(Stored data)
■ ■ ■

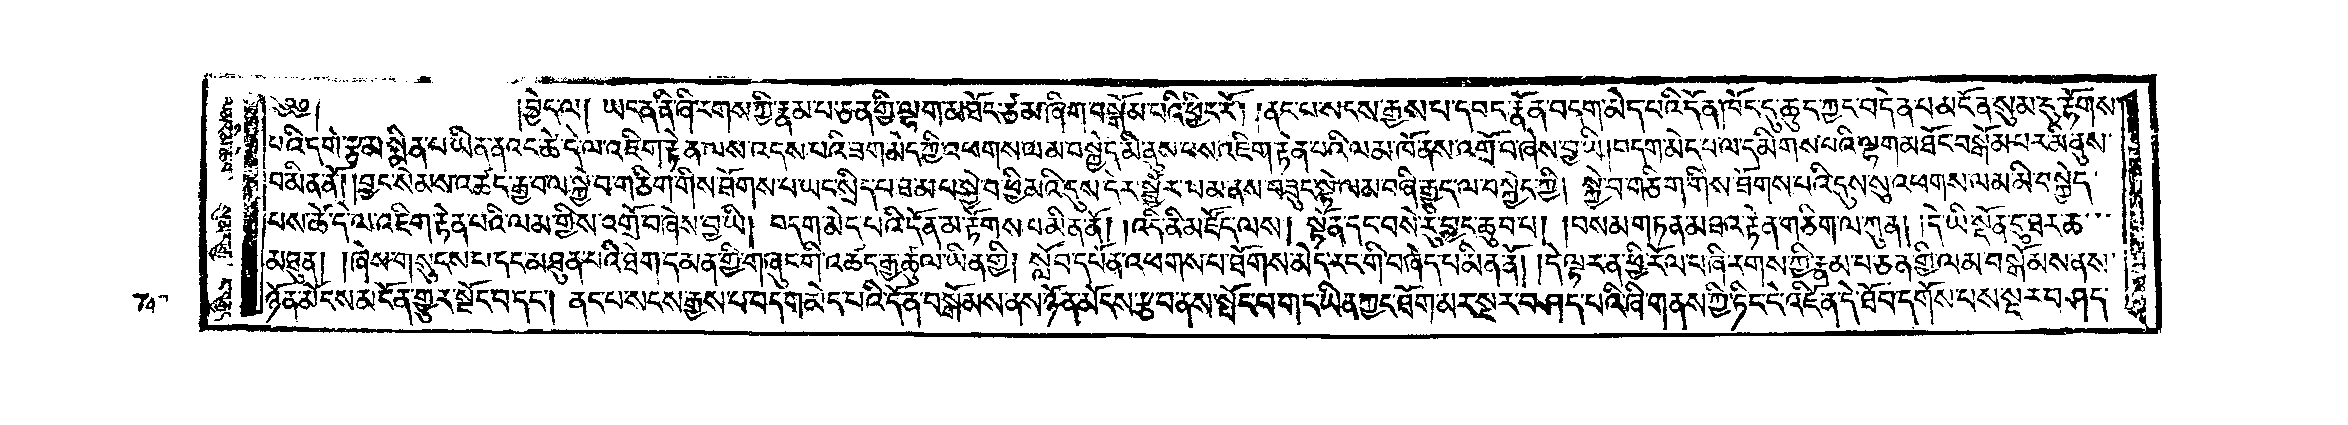༄༅། །བྱེད་ལ། ཡང་ན་ནི་ཞི་རགས་ཀྱི་རྣམ་པ་ཅན་གྱི་ལྷག་མཐོང་ཙམ་ཞིག་བསྒོམ་པའི་ཕྱིར་རོ། །ནང་པ་སངས་རྒྱས་པ་དབང་རྣོན་བདག་མེད་པའི་དོན་ཁོང་དུ་ཆུད་ཀྱང་བདེན་པ་མངོན་སུམ་དུ་རྟོགས་
པའི་དགེ་རྩ་མ་སྨིན་པ་ཡིན་ནའང་ཚེ་དེ་ལ་འཇིག་རྟེན་ལས་འདས་པའི་ཟག་མེད་ཀྱི་འཕགས་ལམ་བསྐྱེད་མི་ནུས་པས་འཇིག་རྟེན་པའི་ལམ་ཁོ་ནས་འགྲོ་བ་ཞེས་བྱ་ཡི། བདག་མེད་པ་ལ་དམིགས་པའི་ལྷག་མཐོང་བསྒོམ་པར་མི་ནུས་
པ་མིན་ནོ། །བྱང་སེམས་འཚང་རྒྱ་བ་ལ་སྐྱེ་བ་གཅིག་གིས་ཐོགས་པ་ཡང་སྲིད་པ་ཐ་མ་པ་སྐྱེ་བ་ཕྱི་མའི་དུས་དེར་སྦྱོར་ལམ་ནས་བཟུང་སྟེ་ལམ་བཞི་རྒྱུད་ལ་བསྐྱེད་ཀྱི། སྐྱེ་བ་གཅིག་གིས་ཐོགས་པའི་དུས་སུ་འཕགས་ལམ་མི་བསྐྱེད་
པས་ཚེ་དེ་ལ་འཇིག་རྟེན་པའི་ལམ་གྱིས་འགྲོ་བ་ཞེས་བྱ་ཡི། བདག་མེད་པའི་དོན་མ་རྟོགས་པ་མིན་ནོ། །འདི་ནི་མཛོད་ལས། སྟོན་དང་བསེ་རུ་བྱང་ཆུབ་པ། །བསམ་གཏན་མཐའ་རྟེན་གཅིག་ལ་ཀུན། །དེ་ཡི་སྔོན་དུ་ཐར་ཆ་
མཐུན། །ཞེས་གསུངས་པ་དང་མཐུན་པའི་ཐེག་དམན་གྱི་གཞུང་གི་འཚང་རྒྱ་ཚུལ་ཡིན་གྱི། སློབ་དཔོན་འཕགས་པ་ཐོགས་མེད་རང་གི་བཞེད་པ་མིན་ནོ། །དེ་ལྟར་ན་ཕྱི་རོལ་པ་ཞི་རགས་ཀྱི་རྣམ་པ་ཅན་གྱི་ལམ་བསྒོམས་ནས་
ཉོན་མོངས་མངོན་གྱུར་སྤོང་བ་དང་། ནང་པ་སངས་རྒྱས་པ་བདག་མེད་པའི་དོན་བསྒོམས་ནས་ཉོན་མོངས་རྩ་བ་ནས་སྤོང་བ་གང་ཡིན་ཀྱང་ཐོག་མར་སྔར་བཤད་པའི་ཞི་གནས་ཀྱི་ཏིང་ངེ་འཛིན་དེ་ཐོབ་དགོས་པས་སྔར་བཤད་

■ ■ ■

What this task involves: Copy each line of the records above without change, but do not include any picture.

Exercise result:
༄༅། །བྱེད་ལ། ཡང་ན་ནི་ཞི་རགས་ཀྱི་རྣམ་པ་ཅན་གྱི་ལྷག་མཐོང་ཙམ་ཞིག་བསྒོམ་པའི་ཕྱིར་རོ། །ནང་པ་སངས་རྒྱས་པ་དབང་རྣོན་བདག་མེད་པའི་དོན་ཁོང་དུ་ཆུད་ཀྱང་བདེན་པ་མངོན་སུམ་དུ་རྟོགས་
པའི་དགེ་རྩ་མ་སྨིན་པ་ཡིན་ནའང་ཚེ་དེ་ལ་འཇིག་རྟེན་ལས་འདས་པའི་ཟག་མེད་ཀྱི་འཕགས་ལམ་བསྐྱེད་མི་ནུས་པས་འཇིག་རྟེན་པའི་ལམ་ཁོ་ནས་འགྲོ་བ་ཞེས་བྱ་ཡི། བདག་མེད་པ་ལ་དམིགས་པའི་ལྷག་མཐོང་བསྒོམ་པར་མི་ནུས་
པ་མིན་ནོ། །བྱང་སེམས་འཚང་རྒྱ་བ་ལ་སྐྱེ་བ་གཅིག་གིས་ཐོགས་པ་ཡང་སྲིད་པ་ཐ་མ་པ་སྐྱེ་བ་ཕྱི་མའི་དུས་དེར་སྦྱོར་ལམ་ནས་བཟུང་སྟེ་ལམ་བཞི་རྒྱུད་ལ་བསྐྱེད་ཀྱི། སྐྱེ་བ་གཅིག་གིས་ཐོགས་པའི་དུས་སུ་འཕགས་ལམ་མི་བསྐྱེད་
པས་ཚེ་དེ་ལ་འཇིག་རྟེན་པའི་ལམ་གྱིས་འགྲོ་བ་ཞེས་བྱ་ཡི། བདག་མེད་པའི་དོན་མ་རྟོགས་པ་མིན་ནོ། །འདི་ནི་མཛོད་ལས། སྟོན་དང་བསེ་རུ་བྱང་ཆུབ་པ། །བསམ་གཏན་མཐའ་རྟེན་གཅིག་ལ་ཀུན། །དེ་ཡི་སྔོན་དུ་ཐར་ཆ་
མཐུན། །ཞེས་གསུངས་པ་དང་མཐུན་པའི་ཐེག་དམན་གྱི་གཞུང་གི་འཚང་རྒྱ་ཚུལ་ཡིན་གྱི། སློབ་དཔོན་འཕགས་པ་ཐོགས་མེད་རང་གི་བཞེད་པ་མིན་ནོ། །དེ་ལྟར་ན་ཕྱི་རོལ་པ་ཞི་རགས་ཀྱི་རྣམ་པ་ཅན་གྱི་ལམ་བསྒོམས་ནས་
ཉོན་མོངས་མངོན་གྱུར་སྤོང་བ་དང་། ནང་པ་སངས་རྒྱས་པ་བདག་མེད་པའི་དོན་བསྒོམས་ནས་ཉོན་མོངས་རྩ་བ་ནས་སྤོང་བ་གང་ཡིན་ཀྱང་ཐོག་མར་སྔར་བཤད་པའི་ཞི་གནས་ཀྱི་ཏིང་ངེ་འཛིན་དེ་ཐོབ་དགོས་པས་སྔར་བཤད་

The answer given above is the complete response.